= Odna Zhizn =

Symphonic poem by Christopher Rouse

Odna Zhizn is a symphonic poem by the American composer Christopher Rouse. The work was commissioned by the New York Philharmonic and was completed in 2009. It was first performed on February 10, 2010, at Avery Fisher Hall in New York City, by the New York Philharmonic under the direction of Alan Gilbert.

==Composition==

===Background===
Rouse composed Odna Zhizn as a tribute to an unnamed friend, using a musical code to spell names and phrases in what Rouse called "a private love letter." In the program notes to the score, Rouse wrote:
In Russian, "odna zhizn" means "a life." This fifteen-minute work has been composed in homage to a person of Russian ancestry who is very dear to me.
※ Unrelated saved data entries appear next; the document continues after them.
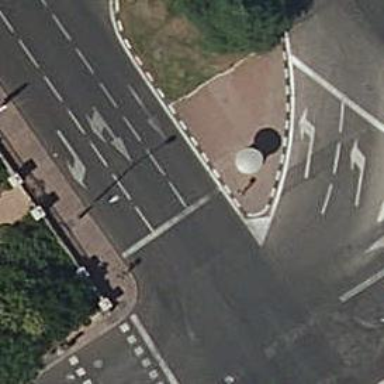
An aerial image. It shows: Road with traffic signals.
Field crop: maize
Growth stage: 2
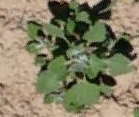
Species: chenopodium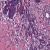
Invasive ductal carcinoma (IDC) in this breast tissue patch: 0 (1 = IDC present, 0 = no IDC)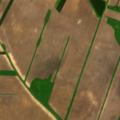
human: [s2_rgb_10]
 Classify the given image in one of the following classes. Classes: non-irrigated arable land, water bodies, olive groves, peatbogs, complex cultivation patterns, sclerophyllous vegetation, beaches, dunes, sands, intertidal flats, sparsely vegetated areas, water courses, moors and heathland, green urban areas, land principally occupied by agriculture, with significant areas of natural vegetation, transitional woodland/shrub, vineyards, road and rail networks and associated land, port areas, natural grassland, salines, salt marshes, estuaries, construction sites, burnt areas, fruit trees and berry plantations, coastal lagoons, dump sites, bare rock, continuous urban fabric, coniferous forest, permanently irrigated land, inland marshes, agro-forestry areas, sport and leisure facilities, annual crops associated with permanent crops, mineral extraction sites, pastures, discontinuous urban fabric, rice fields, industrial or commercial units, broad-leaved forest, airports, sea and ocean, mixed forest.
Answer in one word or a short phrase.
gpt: non-irrigated arable land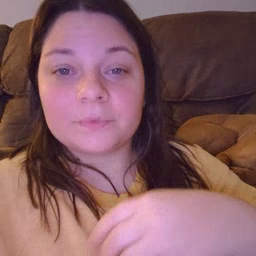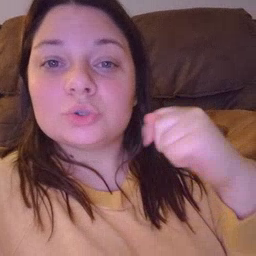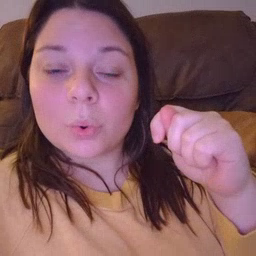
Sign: toy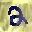
Label: 2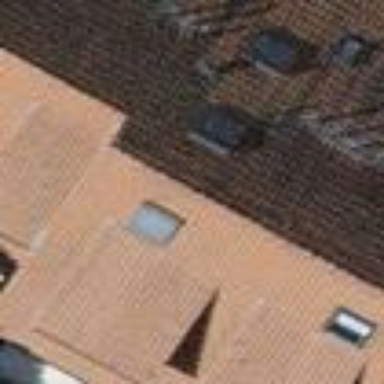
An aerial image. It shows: Terrace building.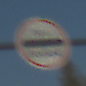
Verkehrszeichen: Zollstelle
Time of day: MorningAfternoon
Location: Outdoor (Suburban)
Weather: PartlyCloudy
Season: NotSpecified
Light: Natural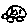
Label: car
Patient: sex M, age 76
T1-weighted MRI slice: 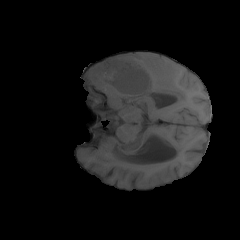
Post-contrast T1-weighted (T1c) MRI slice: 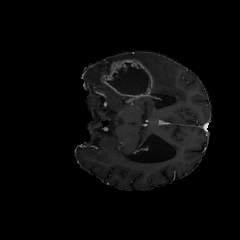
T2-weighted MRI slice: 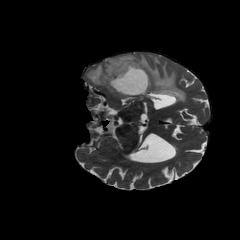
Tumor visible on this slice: yes
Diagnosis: Glioblastoma, IDH-wildtype
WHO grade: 4

Her life has not been an easy one, and the struggles she has faced are reflected in the sometimes peripatetic nature of the music. While quite a few of my scores have symbolically translated various words into notes and rhythms, this process has been carried to an extreme degree in "Zhizn": virtually all of the music is focused on the spelling of names and other phrases, and it was an enormous challenge for me to fashion these materials into what I hoped would be a satisfying musical experience that functions both as the public portrayal of an extraordinary life as well as a private love letter.

In a September 2016 interview on All Things Considered, Rouse revealed that piece was written for his wife Natasha, whom he married earlier that year. Describing the more unpleasant aspects of the piece, he remarked, "[Natasha] was sexually abused as a child, so she ran away from home at 16 and decided to hitchhike out west. One of the people who picked her up held her for three days and raped her repeatedly. She ended up in Arizona in Tucson and she was homeless, so she was living under a bridge and eating out of dumpsters. And all of that before the age of 18." He added, "I certainly couldn't have survived that, I don't think, and I'm not sure most people could either. But that's why the fact that she is this warmhearted, wonderful person is all the more amazing."

===Instrumentation===
The work is scored for three flutes (3rd doubling piccolo), two oboes, English horn, two clarinets, bass clarinet, two bassoons, contrabassoon, four French horns, three trumpets, three trombones, tuba, timpani, three percussionists, harp, celesta, and strings.

==Reception==
Reviewing the world premiere of Odna Zhizn, Allan Kozinn of The New York Times called the piece "a magical score" and said:
Against a backdrop of haunting, pianissimo strings, which move at a glacial pace, Mr. Rouse imposes short bursts of fast, angular flute figures, darkly mysterious contributions from lower-lying woodwinds, and sudden bursts of fortissimo brass. Eventually the strings abandon their Ivesian introspection (think of the opening of The Unanswered Question) and take up more vigorous themes of their own. But as in many new scores, the real action is in the huge percussion array, which not only contributes shimmering effects and underpins the brass bursts, but also provides the connective tissue between the string and wind writing.

Fellow composer Joel Puckett also praised the work, writing for The Baltimore Sun:
We were all stunned in hearing the piece. I was reminded of the line sometimes credited to Beethoven, 'Music must surprise and satisfy at every turn'. It turns out each of us were right and, at the same time, all of us were wrong. In Odna Zhizn, Chris manages to sound very much like himself while at the same time pushing his harmonies and textures in completely new directions by simplifying them. I don’t think any of us were expecting the incredibly straightforward and staggeringly beautiful opening of the piece. To my ears, this is Chris boldly allowing himself to speak simply and directly with devastating effect.